Linguistically-informed LLMs Perform Better
At the moment Demetrios is immersing himself in Machine Learning by interviewing experts from around the world in the weekly MLOps.community meetups. Demetrios is constantly learning and engaging in new activities to get uncomfortable and learn from his mistakes. He tries to bring creativity into every aspect of his life, whether that be analyzing the best paths forward, overcoming obstacles, or building lego houses with his daughter.
It’s silly to think of training and using large LANGUAGE models without any sort of input from the study of language itself. Linguistics is not the only field of knowledge that improve LLMs, as they are the intersection of several fields, however, they can help us not only improve current model performance but also clearly see where future improvements will come.
I'm going to just bring on our next performer. Where are you at, Chris? Where are you at? Ah, there he is, as the others are. Yo, on their way off. Here I am off stage. There he is. Dude, I gotta. See what you do. What is this beard routine you have? Give me some of that magic. I need some of this beard, man. Wait, can we bring this up?
Full screen real fast? Dude, I'm in, in Murray, let you full picture. I'm in, I'm in Murray, Utah. Salt Lake City, Utah. Salt Lake City. That is awesome. That's that's what it is. You just live, you go there and the beard grows. That's how it works. That's right. That's right, dude. That's right. Aw, epic, man. Well, I'm gonna let you get Kraken with your, uh, with your presentation.
Thanks. I know that you've got all kinds of good stuff for us, and, uh, I'll see you in a little bit. Maybe, maybe I might not jump back on here, but, um, thank you for doing this. Yeah, bro. Whatever works for me. Maybe I'll see you in 20 minutes. All right. See ya. Cool. So, uh, awesome. I, I'm trying to figure this out.
Uh, welcome. So I'm Chris Brusso. I'm a lead data scientist at MasterCard. We're gonna be talking about linguistically informed LLMs. And, um, this is, again, not, or I haven't even said this once yet. This is meant, uh, to be a help to teams. It's not meant to make anyone feel a detriment or anything like that.
Um, all of this insight is coming out of a book that I'm co-authoring right now with, uh, Matthew Sharp. He's a clean code for data scientist guy. He was recently on the ML Lops Community podcast, and I would really recommend if you haven't go and listen to that episode. And yeah, our book is about to hit the Manning Early Access Program, so look out for it.
If this stuff appeals to you, we're gonna be deep diving into all of it in the book and going even further into. LLM ops and ML lops and how they kind of mesh. So let's get right into it. Um, Demetrios mentioned the beard, so I wanna address that real quick. Um, there are a lot of different lengths that my beard has been, and there's a lot of different states of neatness that it has, it has been in, um, basically everybody's got their own personal preference for their beard.
I, I'm talking about my beard cuz my hairline's receding a little bit. But if you want to think about it as your hair, you can as well. Uh, the idea though is that whether it's long or short, there's always a growth period in between where you are and where you want to be. And, um, if only somebody existed that could, that has experience with hair, that has experience with lots of different types of hair, that would be able to help you.
Not only set your goal for, to figure out what looks good on you with your type of hair and your color of hair and all of that, but to help you get there in as painless a way as possible. Because as you can see in that top right photo, I hate that photo of me. I hate it so much, but like I was just in, I was in a growth stage and my beard wasn't neat.
And um, so now we're gonna get into some fun stuff. Let's keep going. So this is a quote that many of you're probably familiar with. This is from IBM in 1988 from Fred Yell Neck. Um, every time I fire a linguist, a performance of our speech recognition system goes up. I think this is true, but considering they were working on shoebox at the time, and, uh, I have never used shoebox and I don't know anyone else who used a shoebox for ASR on digits.

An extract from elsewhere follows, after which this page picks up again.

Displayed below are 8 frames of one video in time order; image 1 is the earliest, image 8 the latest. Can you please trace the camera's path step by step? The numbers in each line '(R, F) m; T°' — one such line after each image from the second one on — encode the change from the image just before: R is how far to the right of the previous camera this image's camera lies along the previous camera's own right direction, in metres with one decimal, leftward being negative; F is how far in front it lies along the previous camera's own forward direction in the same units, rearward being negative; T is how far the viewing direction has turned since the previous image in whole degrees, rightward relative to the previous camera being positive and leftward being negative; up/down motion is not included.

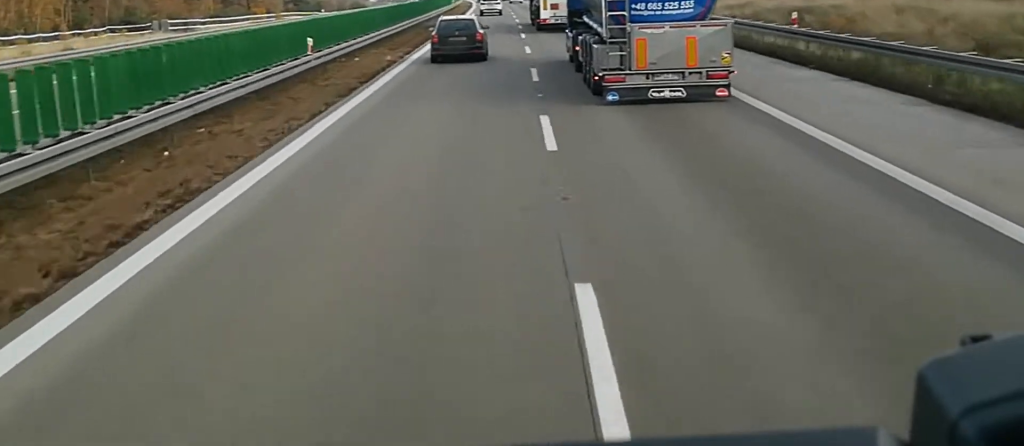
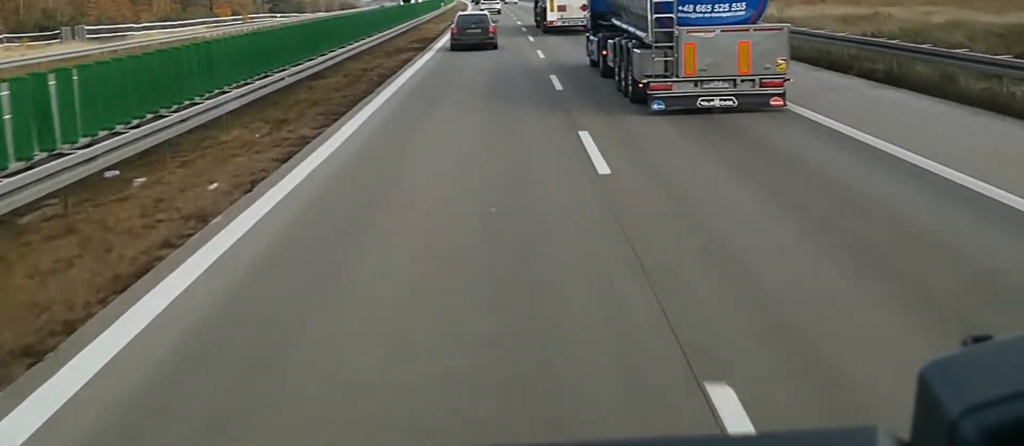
(-0.3, +27.0) m; 0°
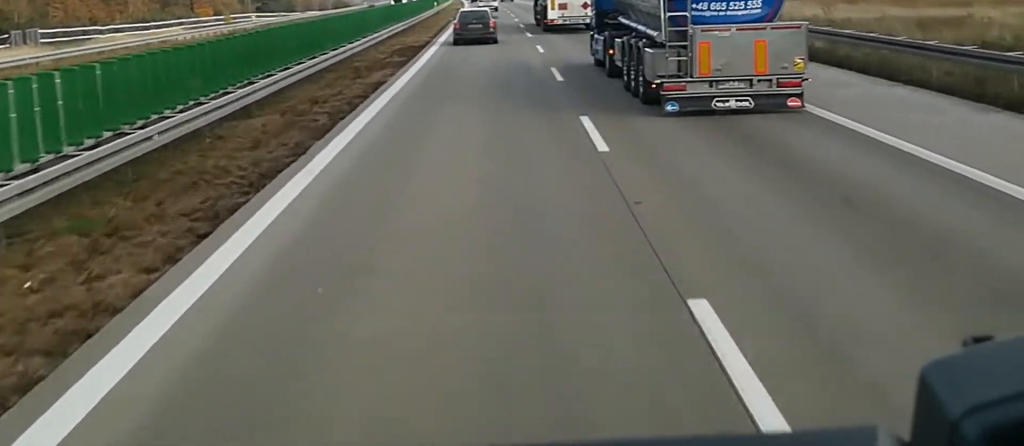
(+0.1, +10.0) m; 0°
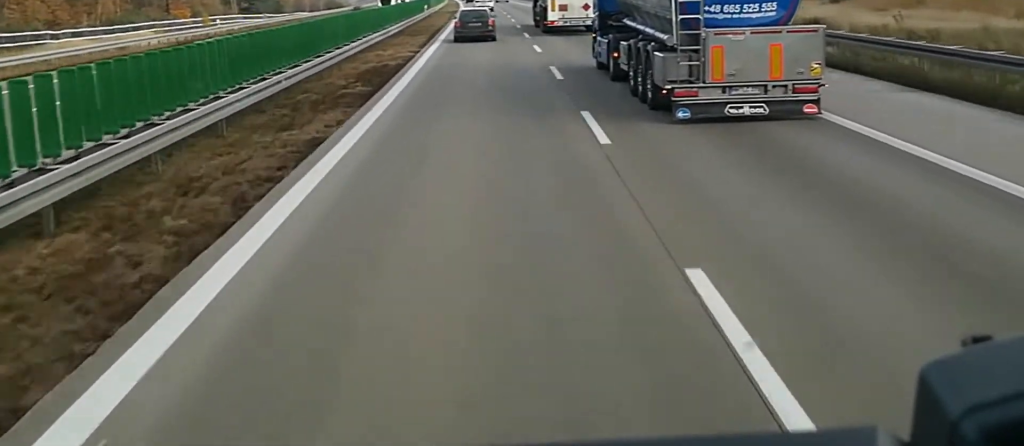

Um, I don't know if they, I, I think they probably ran outta linguist to fire. Um, the idea though is just like with a beard, just like with hairstyle, you can do however you'd like. You can, you can figure this out on your own. Um, the barber though is just gonna, like, they're gonna help you get there quicker and more painlessly.
Um, you can even trim your beard on your own. You can fire your barber at any point. Um, they're just there to help, you know. Uh, one of the mistakes that I've seen when people are growing beards, in this case, LLMs when they're training LLMs, is they don't have a goal in mind. And so they end up solving for metrics, right?
They're solving for precision, they're solving for recall, they're solving for an F1 score. Uh, the problem that I see with that is you aren't hitting your goals when you're. When you're measuring for KPIs, if your KPI is your goal, you're either number one, uh, late stage, which that's fine, that's really good.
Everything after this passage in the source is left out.